Nos bastidores, executivos admitem que o custo de produzir uma série de TV subiu cerca de 30% em cinco anos, empurrado por inflação e competição por animadores de topo. A conta não fecha apenas com licenciamento para plataformas, sobretudo quando o streaming dá sinais de saturação — vide o drama de Demon Slayer, cuja janela internacional se alongou, como discutimos em Sucesso estrondoso de Demon Slayer cria a pior janela de espera. A saída tem sido financiar parte do orçamento com “anchor items”, produtos-âncora que geram caixa rápido e margem alta.

Overlord encaixa-se como luva nesse modelo. A série possui um vilão carismático (Ainz) e uma anti-heroína convertida em ícone de waifu culture (Albedo), perfeitos para estátuas e roupas de edição limitada. Cada peça de colecionador vendida cobre o valor de dezenas de caixas de Blu-ray, hoje um formato em franca retração. Além disso, o lançamento reforça o buzz para o filme The Sacred Kingdom, que adaptará o arco mais sangrento da light novel e tende a atrair quem viu a série em 2015, mas largou as continuações.

O que vem depois da resina: sinal verde para mais temporadas?

A própria Kadokawa não esconde que monitora o desempenho da estatueta para decidir a cadência dos próximos volumes da novel — atualmente no 17º — e até uma eventual quinta temporada animada. Caso o item mantenha a curva de procura, a empresa pode repetir a jogada com figuras de Shalltear ou Demiurge, consolidando um ciclo de microfinanciamento informal via merchandise.

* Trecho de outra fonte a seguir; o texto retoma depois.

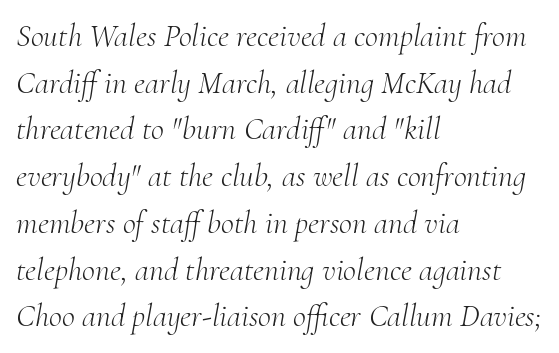
Q: Is the text bold? A: No.
Q: Is the text italic (slanted)? A: Yes, it leans right by about 10 degrees.
Q: Is the typeface a serif or a sans-serif typeface? A: Serif.
Q: Is the text underlined? A: No.
Q: How is the paragraph aligned? A: Left-aligned.
Q: Is the spacing between letters normal or unusually wide? A: Normal.
Q: Is the spacing between lines tight, normal or loose? A: Normal.
Q: Width (condensed, normal, or wide)? A: Normal.
Q: Stroke contrast? A: Medium.
Q: x-height? A: Small.
Q: Monospaced? A: No.
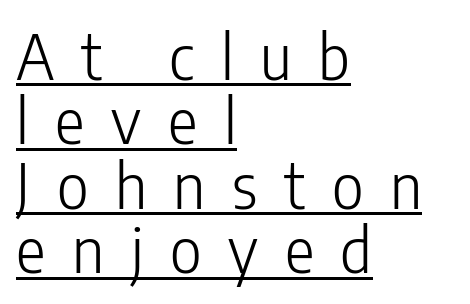
The passage shown has open, widely tracked lettering throughout. Underlining? Definitely there. The font's upright variant was chosen for this text. The strokes are not fattened; the text isn't bold.

Para o fã brasileiro, acostumado a vendas relâmpago na pré-order de PlayStation ou One Piece, a corrida por Albedo parece distante. Mas ela indica uma tendência que logo baterá por aqui: a transformação dos isekais “clássicos” em grife de luxo. Se o experimento der certo, veremos tags de quatro dígitos em vitrines locais antes mesmo de o novo filme chegar ao streaming. E, com isso, a pergunta muda: quanto vale a nostalgia quando ela se materializa em resina, LED e certificado dourado?